The backhoe 1 is provided with a running body 2 and an implement
(an excavation implement) 3. The running body 2 is provided with a
running apparatus 4 of the lower portion and a rotating body 5 of
the upper portion.
[0059] The running device 4 is provided with a crawler-type running
apparatus. The crawler-type running apparatus is provided with an
idler 7, a sprocket 8, a plurality of rotating wheels 9, and a
crawler belt 10 that is wrapped around these components, which are
disposed on the left and right sides of the track frame 6. The
crawler belt 10 is configured so as to travel in a circulating
fashion when the sprocket 8 is rotatably driven.
[0060] The rotating body 5 is provided with a rotating platform 11
that is rotatably disposed about the axial center of a pivoted
shaft in the vertical direction on the track frame 6 of the running
apparatus 4, a cabin that is mounted on the rotating platform 11,
and a hood 13 that covers the engine and the like that is mounted
on the rear portion of the rotating platform 11.
[0061] A support bracket 14 is provided to the front portion of the
rotating platform 11, and this support bracket 14 is provided with
a swing bracket 15 that is rotatably mounted about the axial center
in the vertical direction and that is pivoted left and right using
hydraulic cylinders.
[0062] A boom support section 16 is formed on the upper portion of
the swing bracket 15, and a cylinder support section 17 is formed
at a midway point in the vertical direction of the front
section.
[0063] The implement 3 is provided with a boom 18 whose base end is
swingably and pivotably coupled to the boom support section 16
about the axial center in the lateral direction, an arm 19 that is
swingably and pivotably coupled to the distal end side of the boom
18 about the axial center in the lateral direction, a bucket 20 as
an attachment tool that is swingably and pivotably coupled to the
distal end side of the arm 19 about the axial center in the lateral
direction, a first boom cylinder 21 for causing the boom 18 to
swing about the pivoted portion at the base end, an arm cylinder 22
for causing the arm 19 to swing, and a bucket cylinder 23 for
causing the bucket 20 to swing.
[0064] The boom 18 is a two-piece boom provided with a first boom
18A of the base end side (rear side) and a second boom 18B of the
distal end side (front side) that is swingably and pivotably
coupled to the first boom 18A about the lateral axis.

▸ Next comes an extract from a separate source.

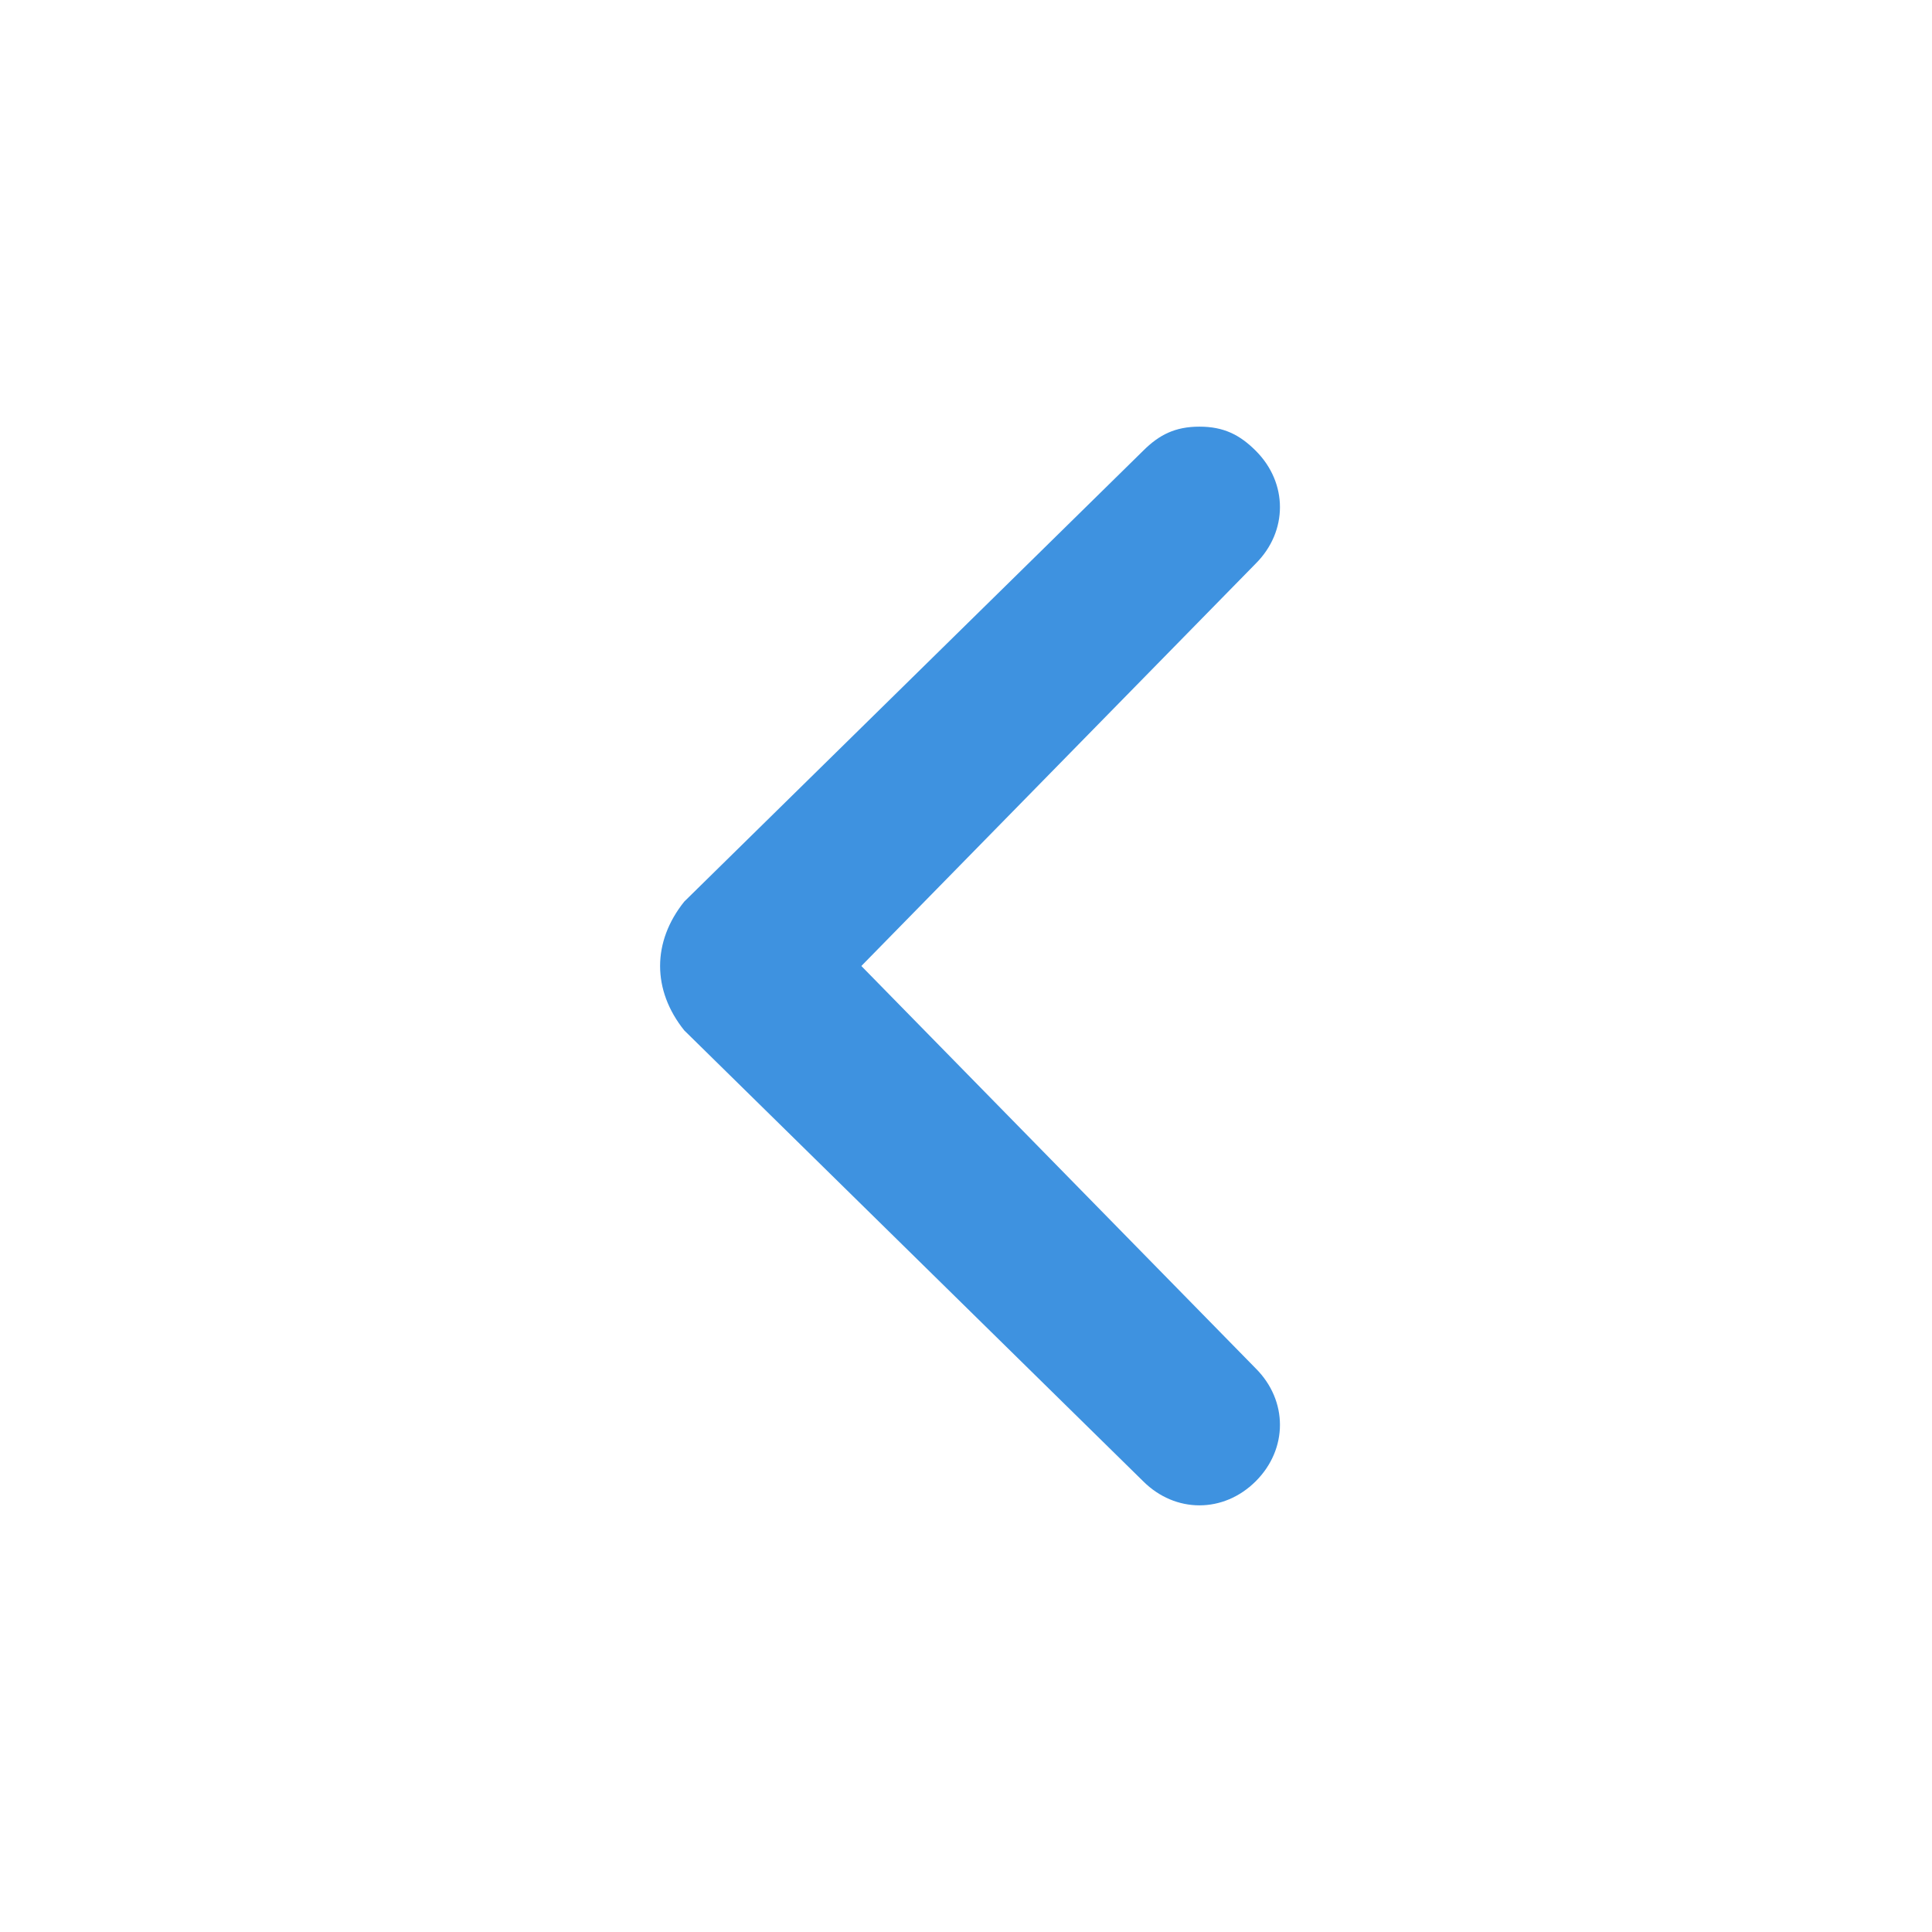 <?xml version="1.0" encoding="UTF-8"?> <svg xmlns="http://www.w3.org/2000/svg" viewBox="0 0 24 24" id="angle-left-b"> <path fill="#3E92E0" d="m8.5 12.8 5.7 5.6c.4.4 1 .4 1.4 0 .4-.4.4-1 0-1.4l-4.9-5 4.9-5c.4-.4.4-1 0-1.4-.2-.2-.4-.3-.7-.3-.3 0-.5.1-.7.3l-5.7 5.6c-.4.5-.4 1.1 0 1.6 0-.1 0-.1 0 0z"></path> </svg>

The implement
3 is provided with a second boom cylinder 24 for causing the second
boom 18B to swing with respect to the first boom 18A, and a pair of
these second boom cylinders 24 is provided on the left and right,
with the cylinders arranged on both the left and right sides of the
second boom 18B.
[0065] The first boom cylinder 21, arm cylinder 22, bucket cylinder
23, and second boom cylinder 24 are composed of hydraulic cylinders
that are provided with cylinder tubes 21a, 22a, 23a, 24a, and
piston rods 21b, 22b, 23b, 24b that retractably protrude from the
cylinder tubes 21a, 22a, 23a, and 24a.
[0066] The first boom 18A has a cast pivoted coupling member 26
that is provided to the base end of the first boom 18A, and a main
body portion 27 made of a metal plate that constitutes the portion
from the pivoted coupling member 26 to the distal end of the first
boom 18A, as shown in FIGS. 2 through 8.
[0067] In the pivoted coupling member 26, left and right pairs of
pivoted portions 26a that extend in the shape of a fork toward the
rear end are provided on the rear side. The boom support section 16
is inserted between the pivoted portions 26a, and the pivoted
coupling member 26 is pivotably coupled to the boom support section
16 so as to be capable of rotation about the axial center in the
lateral direction by way of the first boom pivot 28 that passes
completely through these pivoted portions 26a and the boom support
section 16 in a lateral direction (the first boom 18A is swingably
supported by the boom support section 16 in the vertical direction
about the axial center of the first boom pivot 28).
[0068] The main body portion 27 of the first boom 18A is
cylindrically formed from left and right side walls 29 and top and
bottom walls 30 and 31. The front end of the pivoted coupling
member 26 is inserted into the base end side of the main body
portion 27, and the front end of the pivoted coupling member 26 is
fastened by welding to the base end side of the first boom 18A.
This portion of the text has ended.